▶ _RECORDS PROVIDED_:
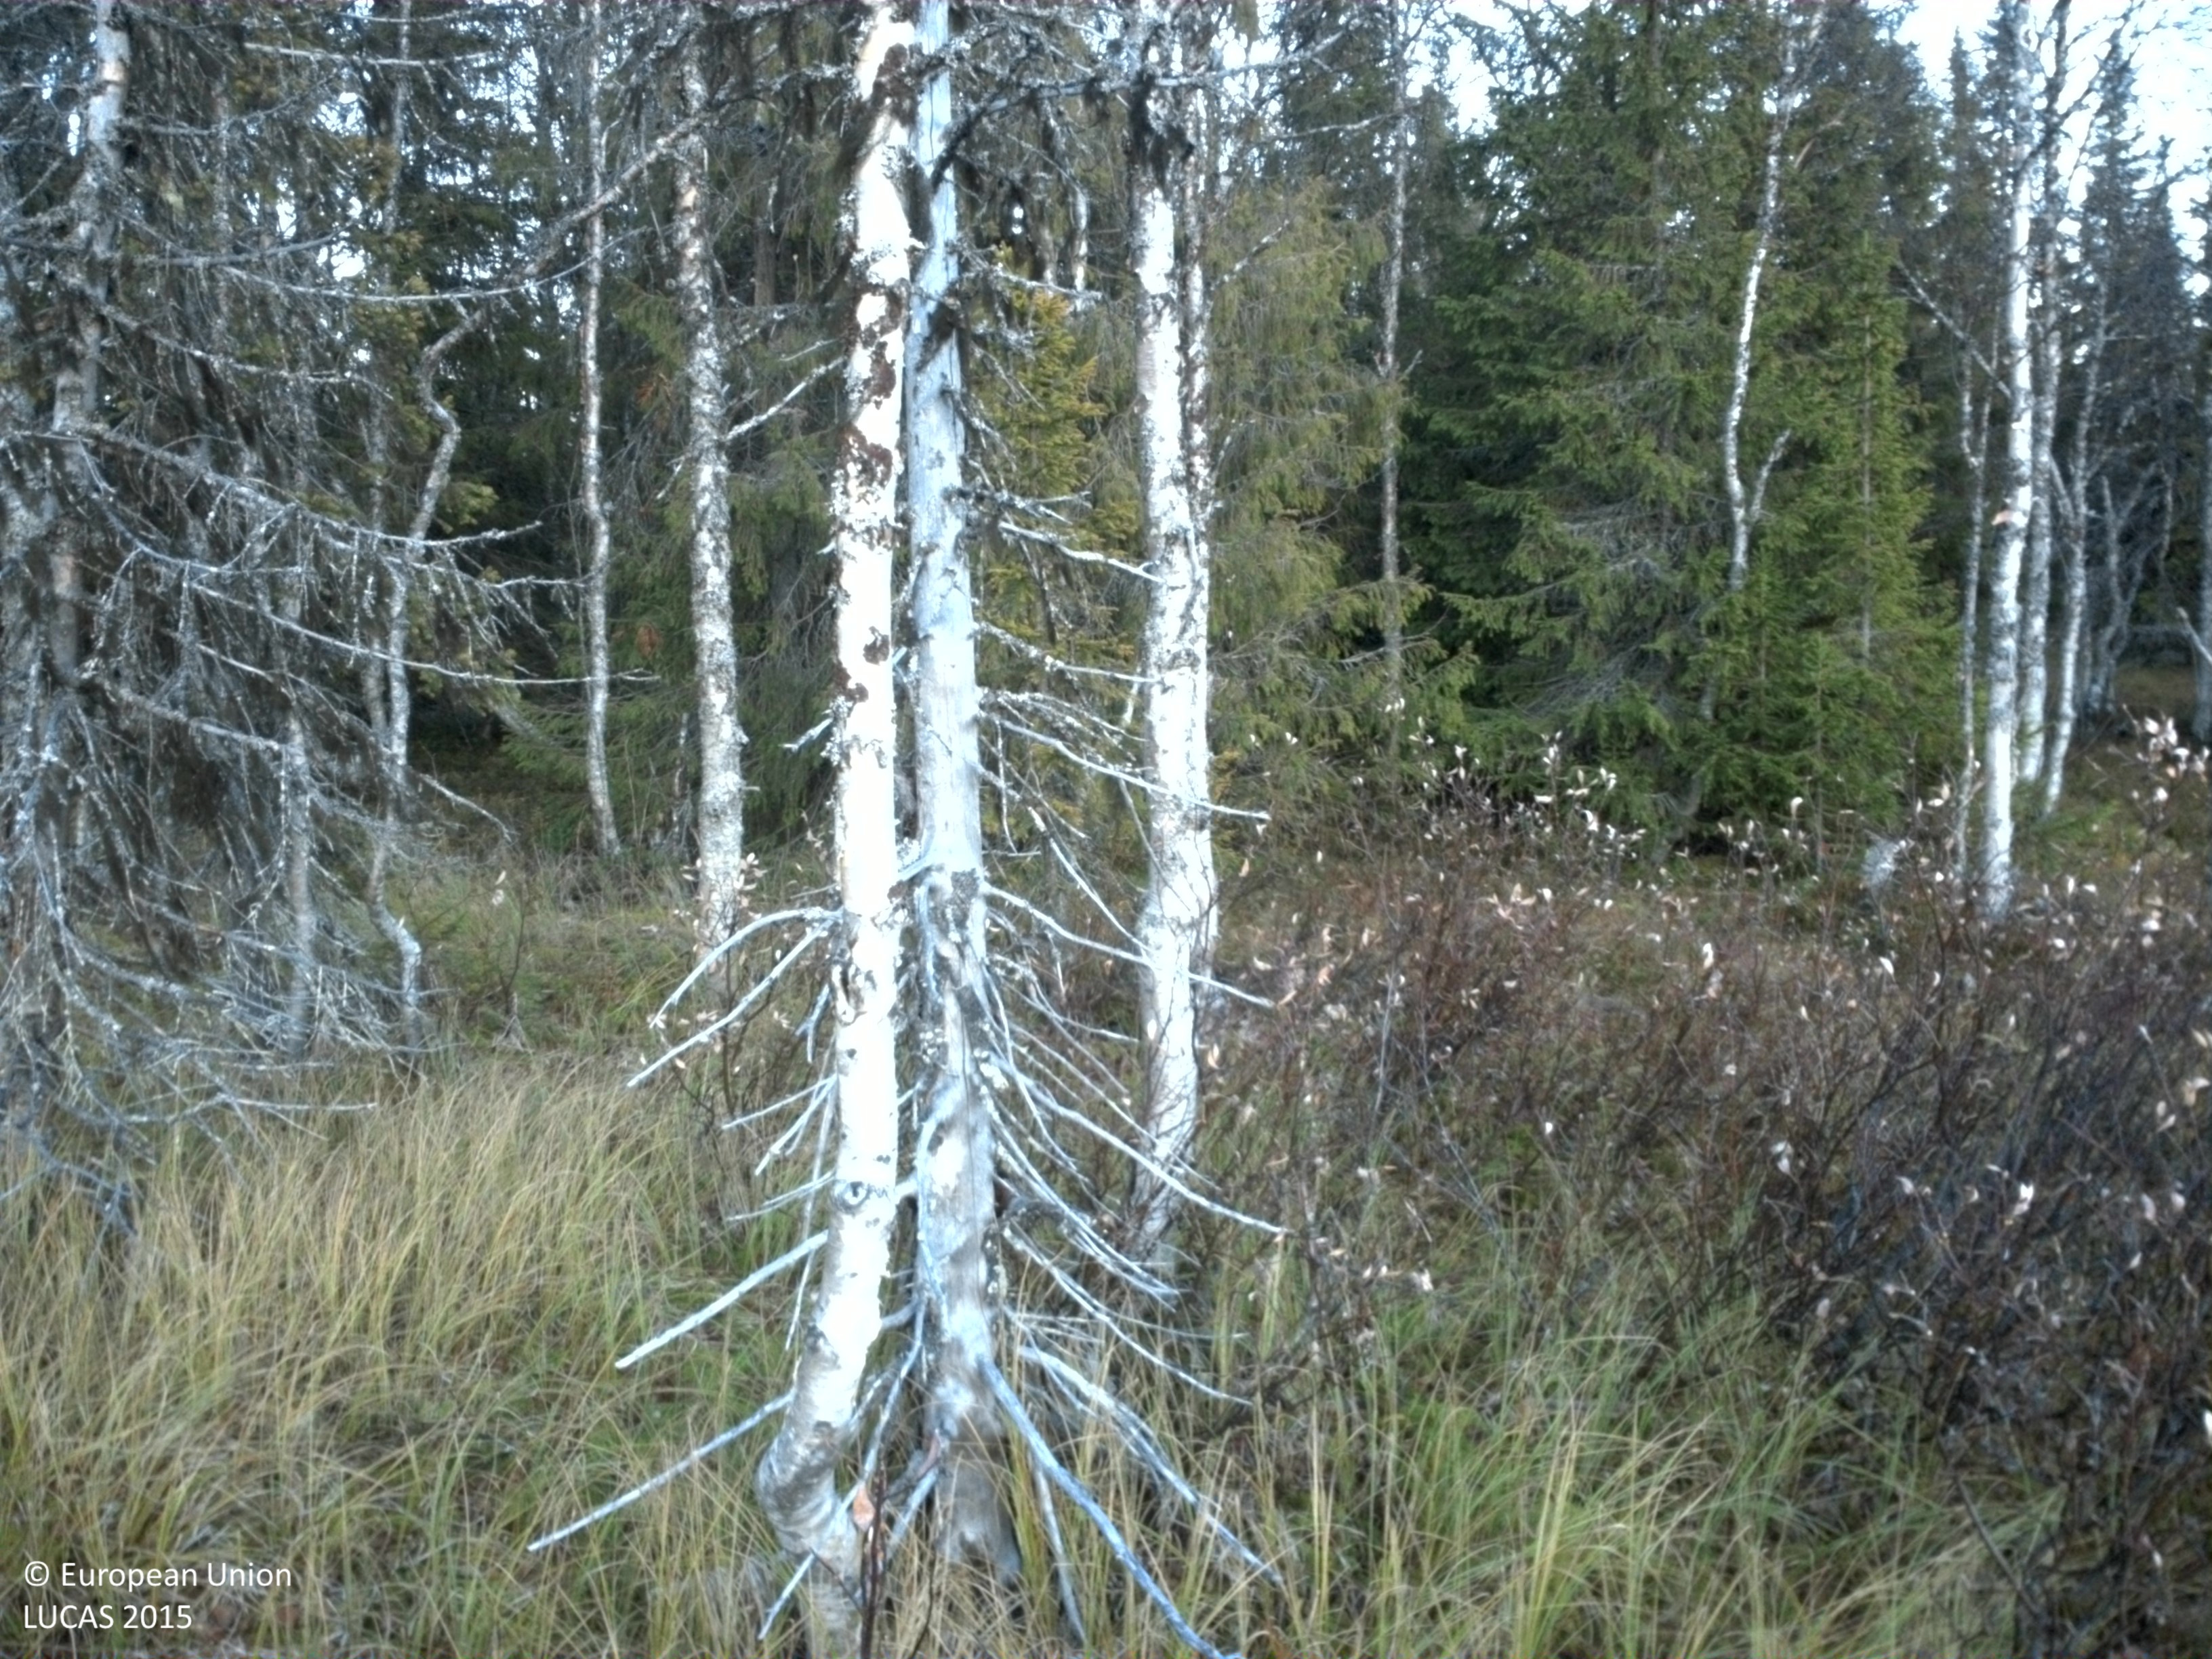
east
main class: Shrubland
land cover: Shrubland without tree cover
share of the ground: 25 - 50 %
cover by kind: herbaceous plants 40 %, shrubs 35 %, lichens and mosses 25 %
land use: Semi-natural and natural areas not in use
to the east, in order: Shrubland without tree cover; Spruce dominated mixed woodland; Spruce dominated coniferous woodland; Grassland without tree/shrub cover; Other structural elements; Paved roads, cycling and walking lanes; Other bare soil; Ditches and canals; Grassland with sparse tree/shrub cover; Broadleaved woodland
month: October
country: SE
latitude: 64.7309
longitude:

▶ _TASK INSTRUCTIONS_: Your task is to reproduce, exactly and exclusively, the lines from the one holding "land cover: Shrubland without tree cover" through the final line of the listing.

▶ _ANSWER FOR THE TASK_:
land cover: Shrubland without tree cover
share of the ground: 25 - 50 %
cover by kind: herbaceous plants 40 %, shrubs 35 %, lichens and mosses 25 %
land use: Semi-natural and natural areas not in use
to the east, in order: Shrubland without tree cover; Spruce dominated mixed woodland; Spruce dominated coniferous woodland; Grassland without tree/shrub cover; Other structural elements; Paved roads, cycling and walking lanes; Other bare soil; Ditches and canals; Grassland with sparse tree/shrub cover; Broadleaved woodland
month: October
country: SE
latitude: 64.7309
longitude:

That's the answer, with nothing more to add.